## Assignment
Pick out the lines in the listing below that contain the word "data" and copy them.

## Records supplied
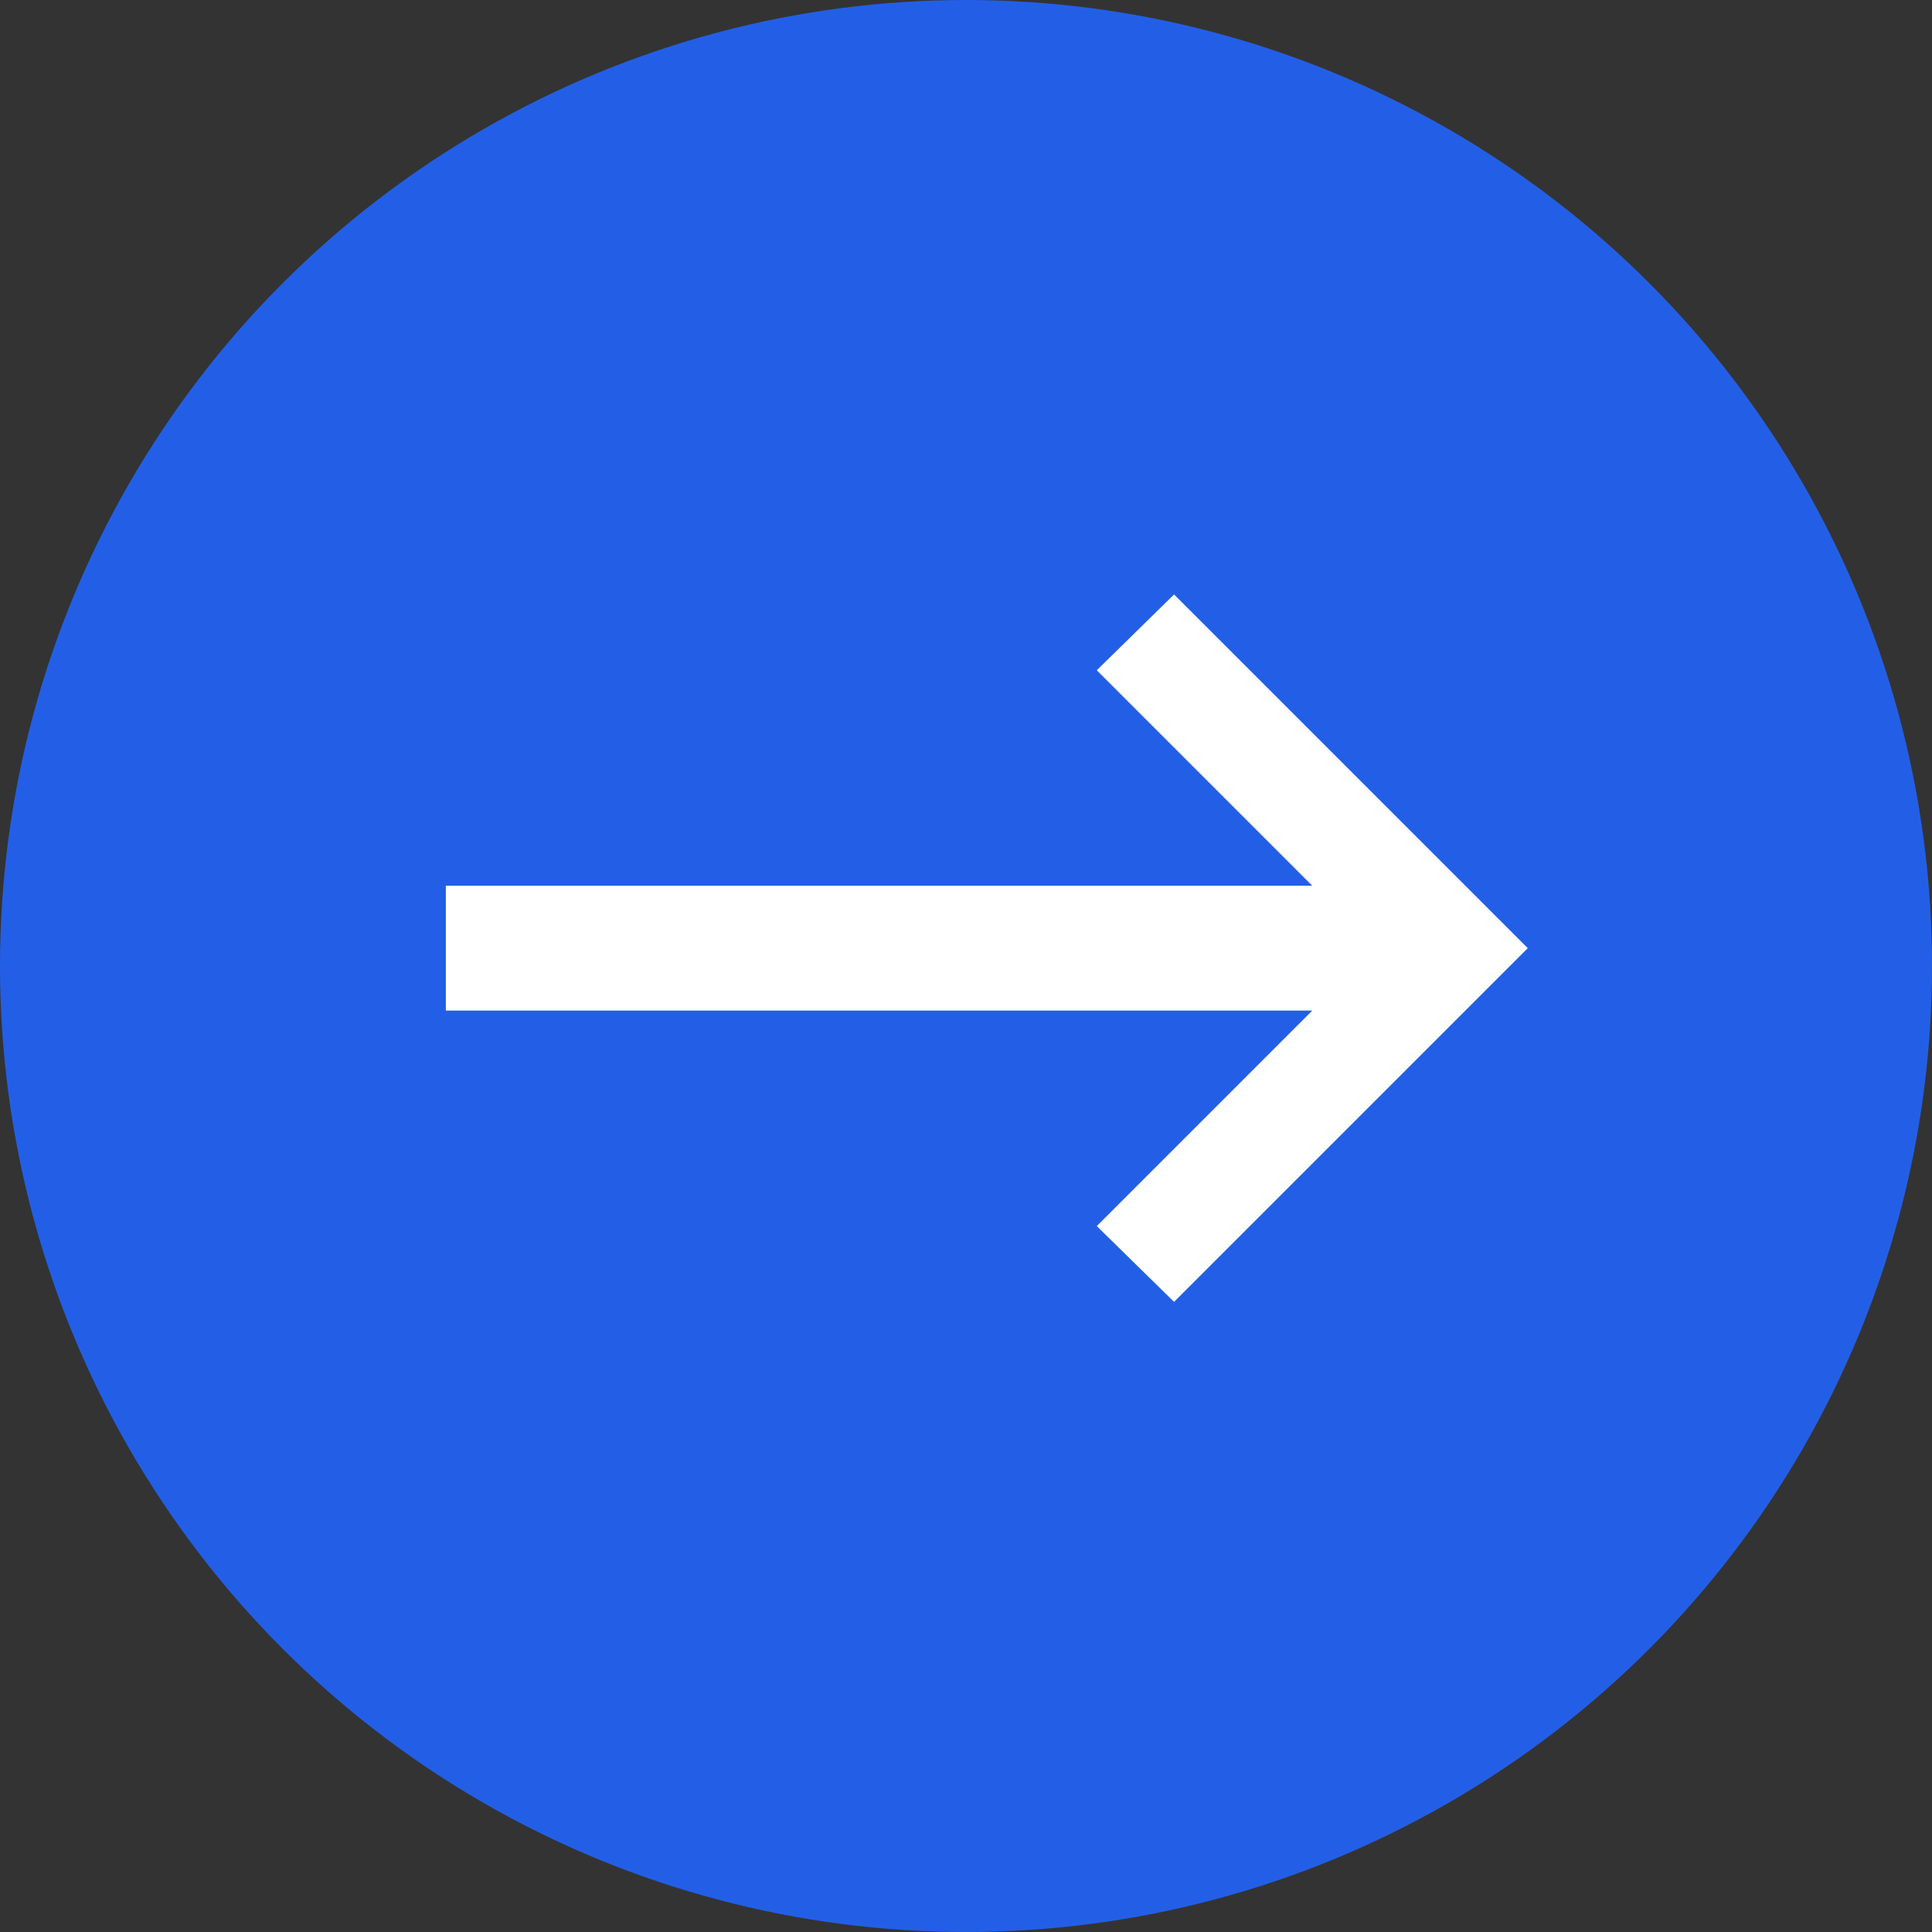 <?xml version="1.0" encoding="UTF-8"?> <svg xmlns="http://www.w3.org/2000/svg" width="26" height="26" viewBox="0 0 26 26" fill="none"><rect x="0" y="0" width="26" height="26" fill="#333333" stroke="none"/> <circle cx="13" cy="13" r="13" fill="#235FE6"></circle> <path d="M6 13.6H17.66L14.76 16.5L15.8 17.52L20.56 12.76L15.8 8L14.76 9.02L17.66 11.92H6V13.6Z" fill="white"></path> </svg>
---
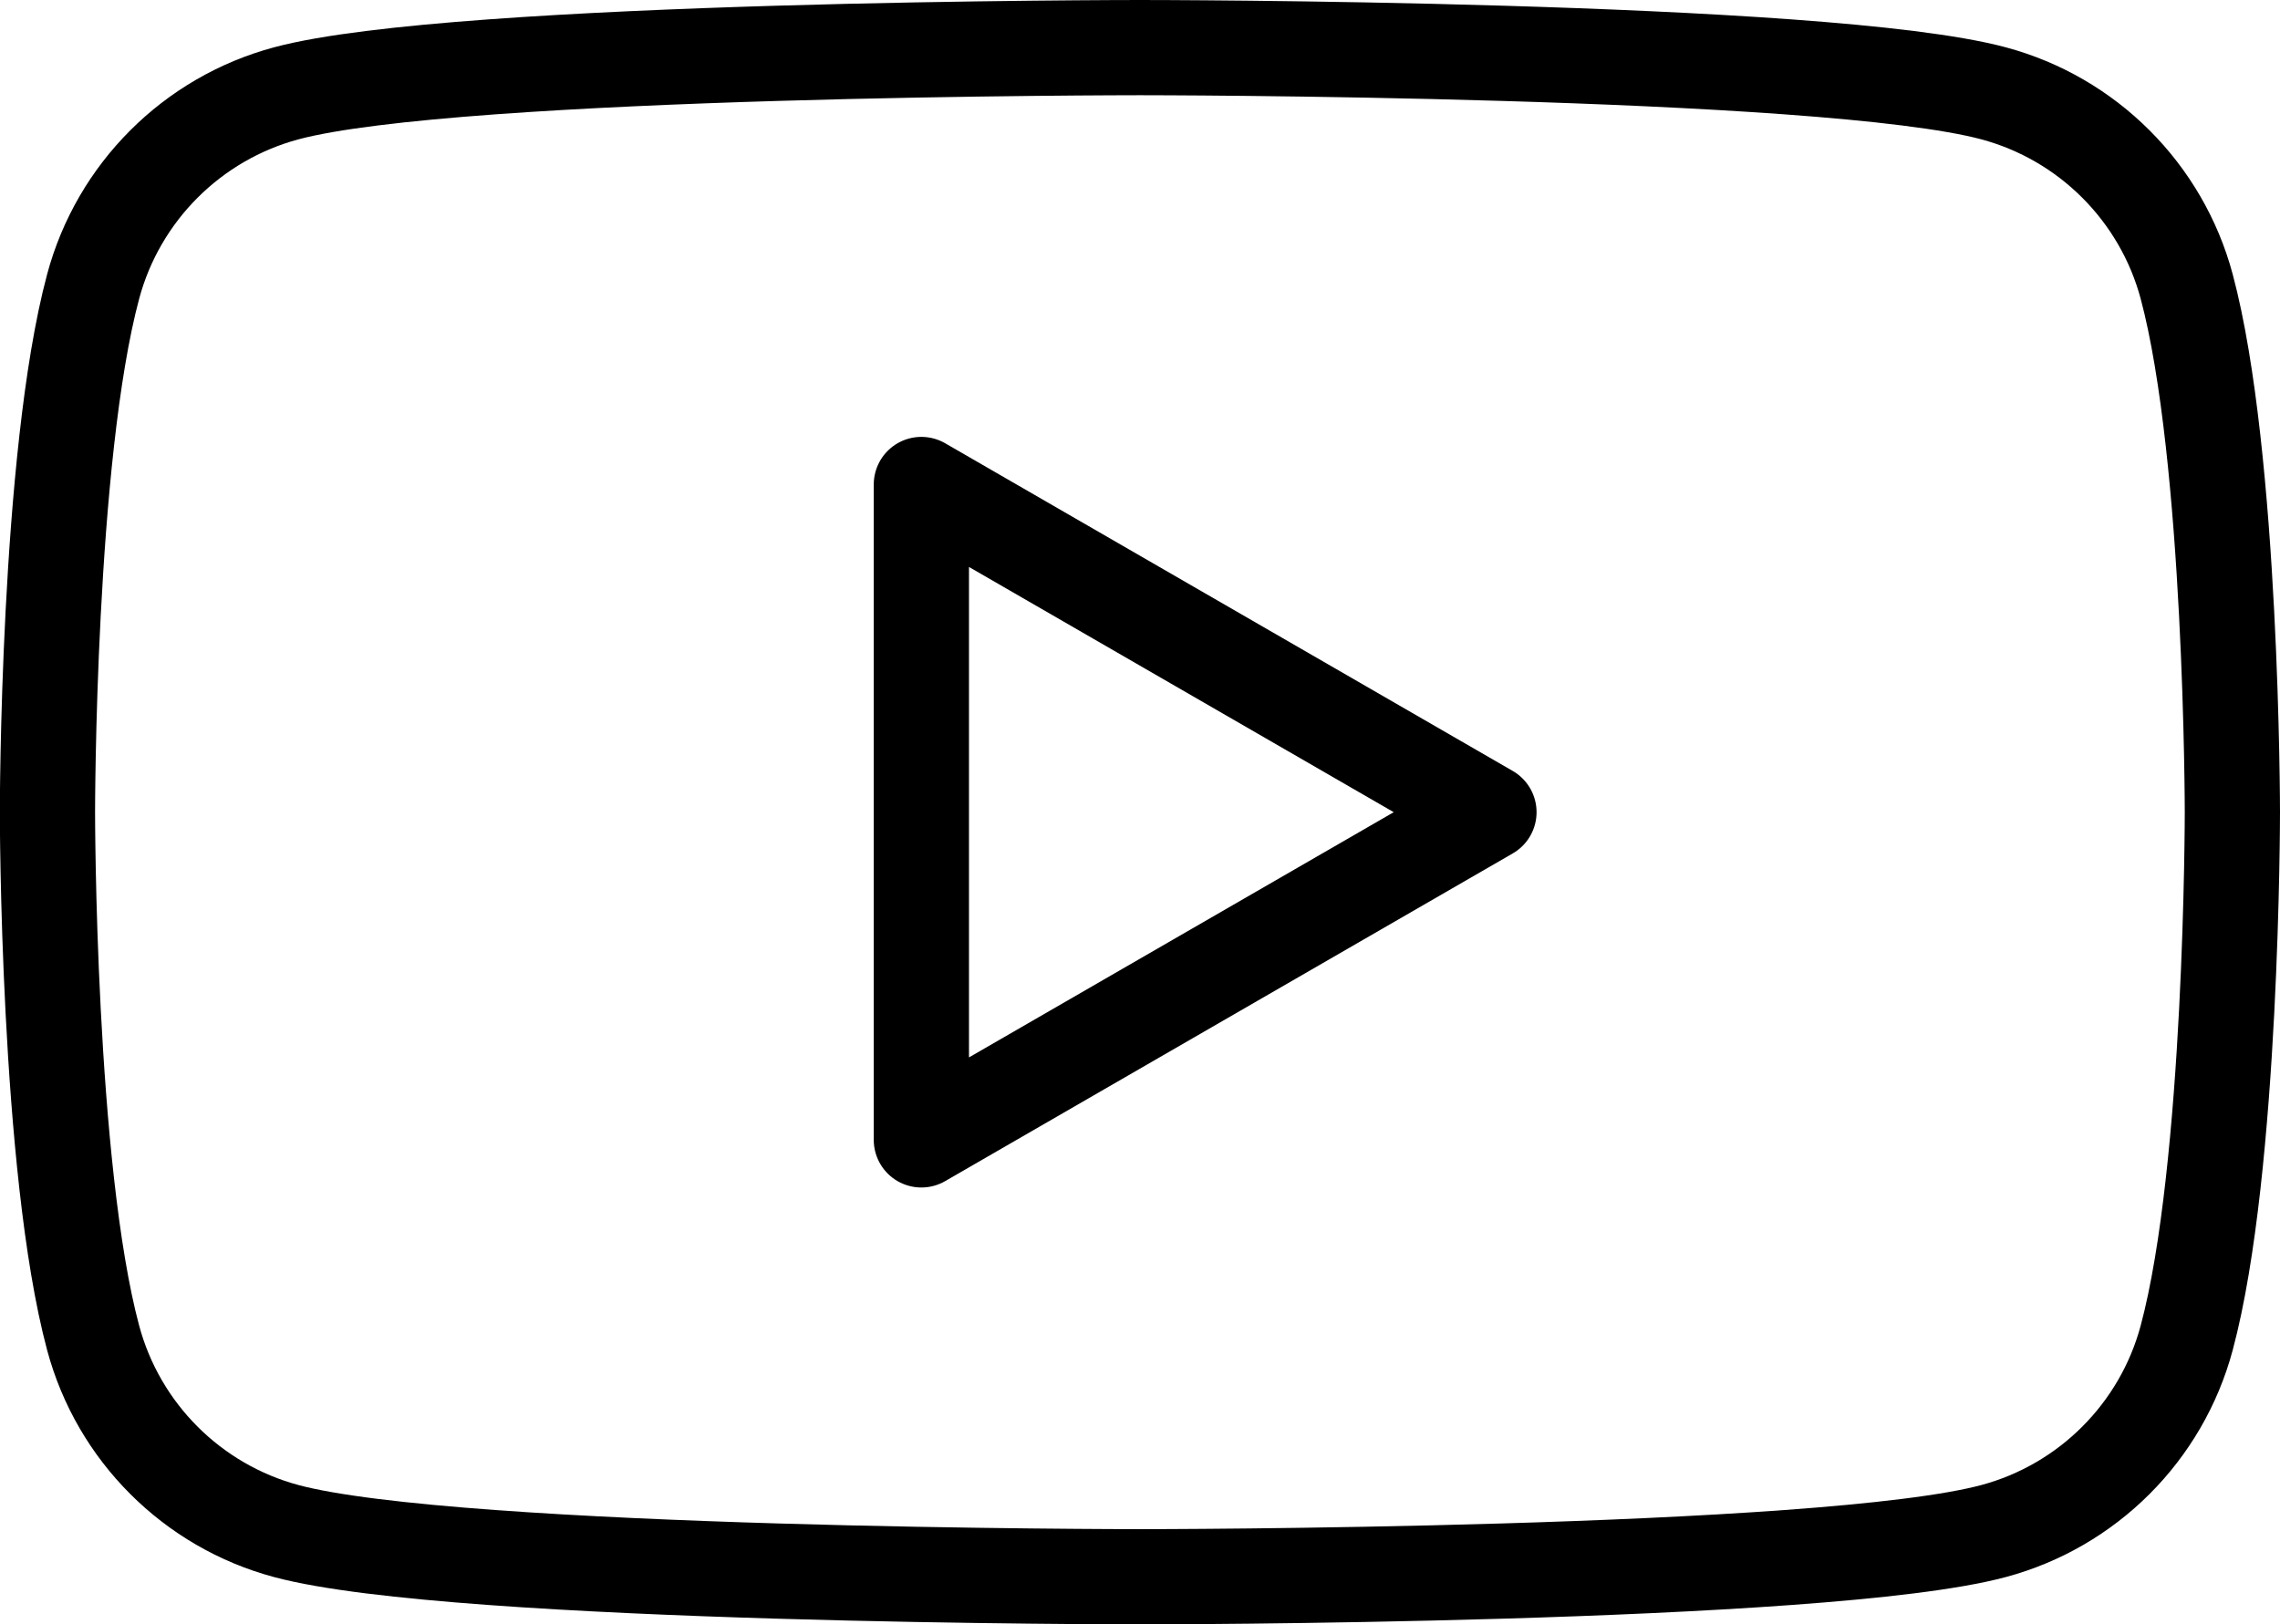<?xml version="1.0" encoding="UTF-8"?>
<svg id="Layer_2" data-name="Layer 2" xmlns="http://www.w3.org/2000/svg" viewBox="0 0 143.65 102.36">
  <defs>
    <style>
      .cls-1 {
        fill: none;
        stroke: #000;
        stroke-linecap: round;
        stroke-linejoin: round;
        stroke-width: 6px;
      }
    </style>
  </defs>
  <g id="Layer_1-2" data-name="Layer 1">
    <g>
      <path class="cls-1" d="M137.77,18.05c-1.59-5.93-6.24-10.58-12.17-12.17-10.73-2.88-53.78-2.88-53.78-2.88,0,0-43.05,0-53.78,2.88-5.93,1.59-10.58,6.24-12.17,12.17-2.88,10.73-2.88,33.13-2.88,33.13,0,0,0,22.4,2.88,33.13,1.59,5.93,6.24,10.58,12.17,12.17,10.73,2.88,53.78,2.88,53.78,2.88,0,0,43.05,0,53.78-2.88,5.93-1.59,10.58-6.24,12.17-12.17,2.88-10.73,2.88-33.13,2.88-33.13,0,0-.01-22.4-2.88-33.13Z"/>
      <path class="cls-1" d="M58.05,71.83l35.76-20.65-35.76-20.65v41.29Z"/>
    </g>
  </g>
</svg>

## Exercise response
<svg id="Layer_2" data-name="Layer 2" xmlns="http://www.w3.org/2000/svg" viewBox="0 0 143.65 102.36">
  <g id="Layer_1-2" data-name="Layer 1">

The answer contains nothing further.